Les Nouveaux Modèles du Risque de Financement : L’Approche de Portefeuille et les nouvelles pistes de réflexion

Section 3 Les nouvelles pistes de réflexion et effets de la crise financière : vers un nouveau paradigme

Nous avons essayé jusqu’à présent à travers les chapitres et sections précédentes de faire une présentation des apports de la théorie financière au risque de crédit qui représente l’objet de notre recherche. Nous avons passé en revue les principaux modèles pratiques de ce risque depuis l’approche structurelle jusqu’aux modèles de portefeuille tout en passant par les modèles de rating. La littérature consultée à ce sujet était réellement dense et les déductions faites par nos soins sont pratiquement immenses ; Pour être concis et précis, nous retenons les déductions les plus remarquables et également les plus déterminantes :

- Suivant le principe de l’intermédiation, l’activité crédit est risquée, - Pour se prémunir contre ce risque il a fallu trouver des méthodes,

- Les méthodes préconisées étaient basées sur des calculs probabilistes en vue de: déterminer la probabilité de défaillance de l’emprunteur et ensuite estimer la perte en cas de défaut,

- Ces méthodes ont donné lieu à une modélisation systématique en se basant sur une approche statistique à travers l’utilisation de logiciels sophistiqués,

- Les imputs servant de base à la construction de ces modèles reposent sur des suppositions et l’imagination d’un certain nombre de scénarios

- Pour réussir la démarche, comme pour toute logique mathématique, il a fallu des variables et des hypothèses,

- En fait les hypothèses ayant servi de base à la réussite de la démarche sont principalement de deux sortes : d’un côté le principe de la rationalité illimitée et de l’autre son corollaire la perfection des marchés (la théorie de l’efficience des marchés financiers), propres au paradigme néoclassique,

- L’objectif ultime était de déterminer les fonds propres minimaux (réglementaires) à garder par la banque pour faire face aux défaillances probables.

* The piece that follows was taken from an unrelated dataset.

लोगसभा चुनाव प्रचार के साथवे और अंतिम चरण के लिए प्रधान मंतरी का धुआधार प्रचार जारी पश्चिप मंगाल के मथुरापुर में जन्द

Il s’agit en fait d’une démarche légitime imposée par l’obligation de se prémunir contre le risque. Mais ce qui ne parait peut être pas légitime, ce sont les hypothèses sur lesquels l’approche s’est édifiée : la rationalité est pratiquement limitée et les marchés sont réellement imparfaits. Et voilà qu’on peut déduire que, basée sur des hypothèses irréalistes ou erronées, l’approche risque d’être erronée. Et les crises successives viennent corroborer cette déduction.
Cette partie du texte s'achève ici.